Online is everywhere — meeting customers where they are

At the center of each of these trends is customer experience and the ways in which it’s evolving.

Gone are the days when banks could roll out an app and call customer experience a day. Today’s customers are blending experiences —  logging on to a website one minute and a mobile app the next, switching between their cellphone and laptop, talking to a chatbot for one task or video calling a representative for another.

Customers expect an interconnected digital banking experience that meets all of their banking needs, whether it’s a simple money transfer, diving into crypto or starting an investment portfolio.

So what can you do to meet them there?

  • Personalize the omnichannel experience: Your services are only as good as the experience that underpins them. An app’s “anytime, anywhere” banking functionality is great for paying bills or updating information, but customers are likely to seek out human interaction for high-touch interactions, such as applying for a loan or receiving financial advice. To create a true omnichannel experience, you can start by understanding how customers are accessing services and then offer a range of channels that your customers can personalize to best suit their needs.
  • Follow the youth and be responsive to their needs: It’s no secret that banks have a generational problem.

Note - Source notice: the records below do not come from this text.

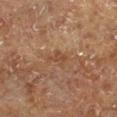This lesion was catalogued during total-body skin photography and was not selected for biopsy. A male subject in their mid-70s. An algorithmic analysis of the crop reported an automated nevus-likeness rating near 0 out of 100 and lesion-presence confidence of about 100/100. From the right lower leg. The tile uses cross-polarized illumination. A 15 mm close-up tile from a total-body photography series done for melanoma screening.
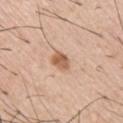No biopsy was performed on this lesion — it was imaged during a full skin examination and was not determined to be concerning. A 15 mm close-up tile from a total-body photography series done for melanoma screening. Longest diameter approximately 2.5 mm. A male subject, aged 53–57.
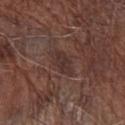notes = catalogued during a skin exam; not biopsied.
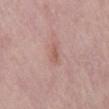location=the back
image source=15 mm crop, total-body photography
patient=male, aged around 55
tile lighting=white-light
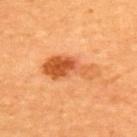Assessment:
This lesion was catalogued during total-body skin photography and was not selected for biopsy.
Context:
Automated tile analysis of the lesion measured a lesion color around L≈59 a*≈31 b*≈46 in CIELAB. It also reported a border-irregularity rating of about 4.5/10, a color-variation rating of about 9.5/10, and peripheral color asymmetry of about 3. The software also gave a nevus-likeness score of about 95/100 and a detector confidence of about 100 out of 100 that the crop contains a lesion. The lesion is located on the upper back. Imaged with cross-polarized lighting. Longest diameter approximately 6.5 mm. A female patient roughly 35 years of age. A 15 mm close-up tile from a total-body photography series done for melanoma screening.

More than half of Gen Z and millennial banking relationships are at risk, according to an Oracle study, with younger customers much more likely to switch to another bank than their older counterparts. Winning over younger generations will be key to acquiring and retaining customers, and your digital strategy should reflect their demand for integrated, seamless experiences.
  • Build trust with great transparency and accountability: Trust remains an important consideration for banking consumers of all ages. In particular, millennials and Gen Z customers rank trust as their No. 1 determining factor for choosing a long-term banking partner. Building trust can happen by integrating greater transparency and accountability into customer experiences, such as offering multiple channels for customers looking for answers to their questions, help with an issue, or to talk with a banker about their account.

The reality is we can’t predict everything that will unfold in 2022 and beyond. Will crypto come to compete with traditional currency? Will DeFi provide a safe, sustainable alternative to regulated markets? How will the metaverse take shape and how will it positively impact financial services? We can’t possibly know.

Some organizations may choose to ignore these trends altogether, only to be caught off guard and left scrambling to catch up. But the organizations that are best prepared to adapt to the new landscape and capitalize on disruptions, whatever they may be, are those that actively embrace change instead of fighting it. Understanding that the traditional ROI’s do not apply in contextual banking.

By doing so, your organization can not only react to change in today’s dynamic environment but start to drive it yourself.